### EXERCISE INSTRUCTIONS
Search each line below for "linejoin", then return the lines where it appears.

### Stored items from a collection
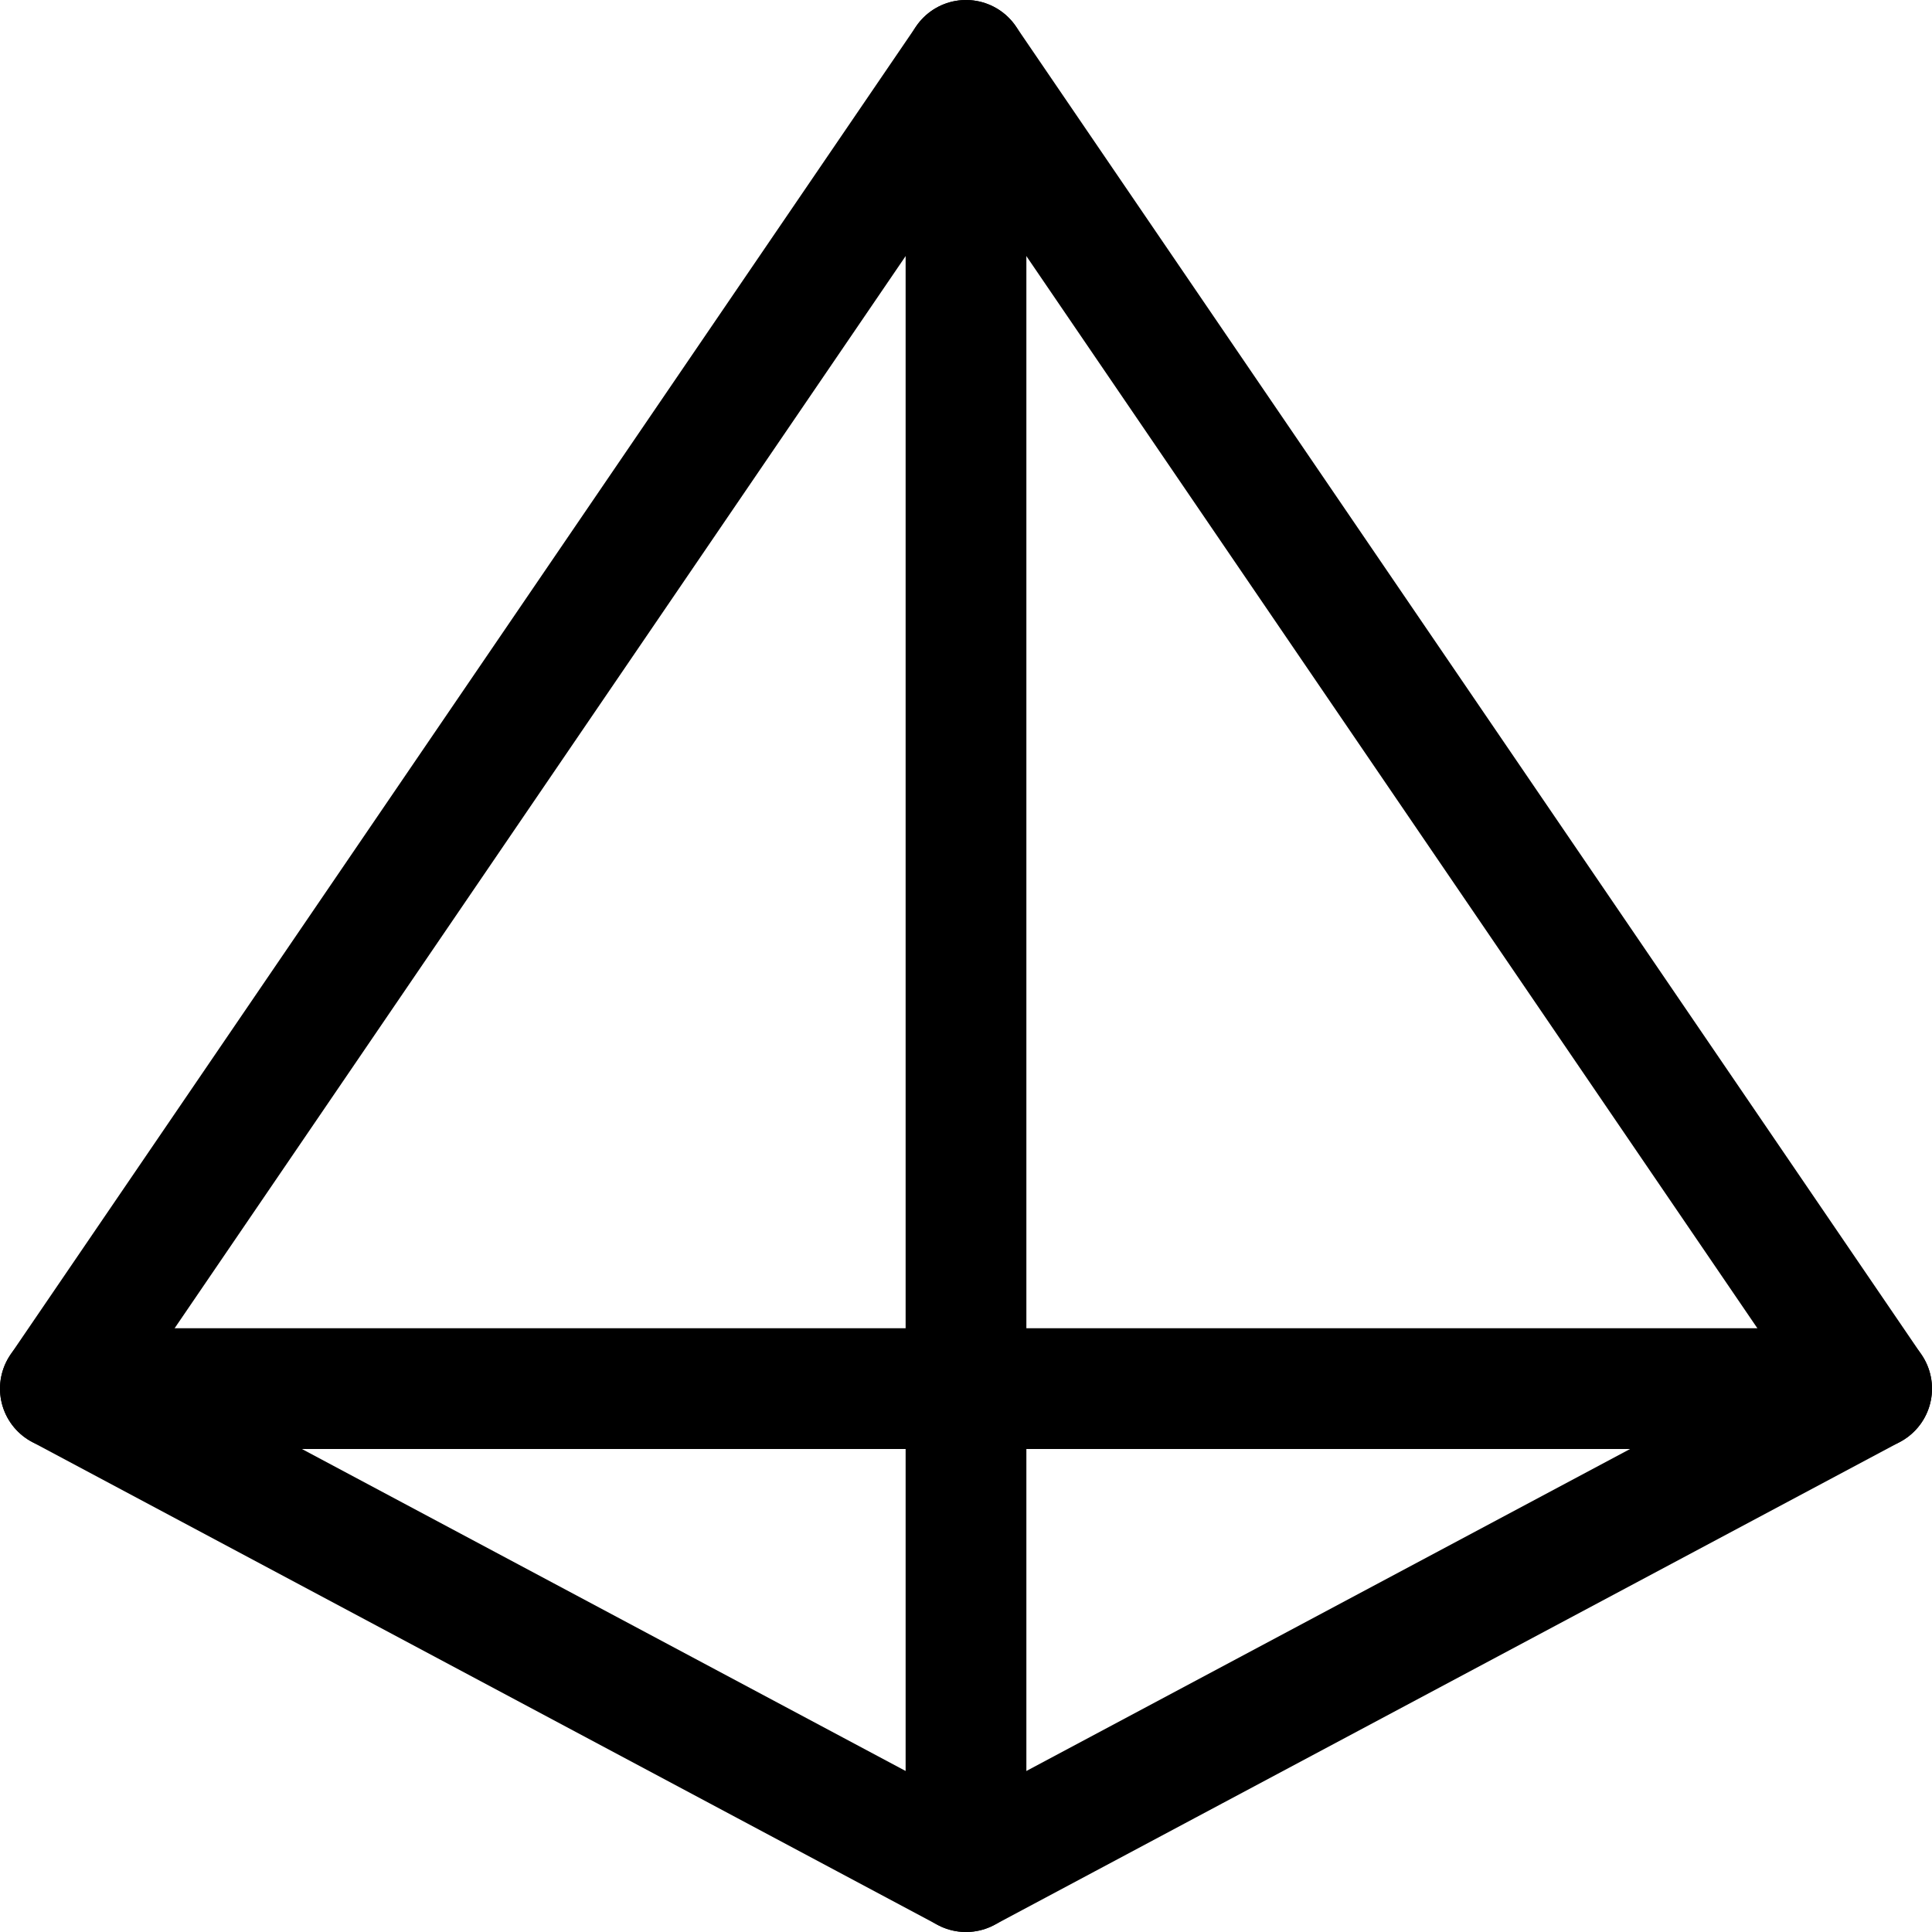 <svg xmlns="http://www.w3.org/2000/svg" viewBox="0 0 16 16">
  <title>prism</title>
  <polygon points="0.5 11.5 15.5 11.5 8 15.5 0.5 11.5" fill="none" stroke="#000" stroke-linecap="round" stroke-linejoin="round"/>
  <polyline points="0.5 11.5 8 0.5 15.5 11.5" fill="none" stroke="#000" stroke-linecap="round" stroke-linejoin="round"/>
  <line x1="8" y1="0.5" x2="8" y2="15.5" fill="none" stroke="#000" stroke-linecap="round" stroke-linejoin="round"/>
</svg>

### YOUR RESPONSE
  <polygon points="0.5 11.5 15.5 11.5 8 15.5 0.5 11.5" fill="none" stroke="#000" stroke-linecap="round" stroke-linejoin="round"/>
  <polyline points="0.5 11.5 8 0.5 15.5 11.5" fill="none" stroke="#000" stroke-linecap="round" stroke-linejoin="round"/>
  <line x1="8" y1="0.5" x2="8" y2="15.5" fill="none" stroke="#000" stroke-linecap="round" stroke-linejoin="round"/>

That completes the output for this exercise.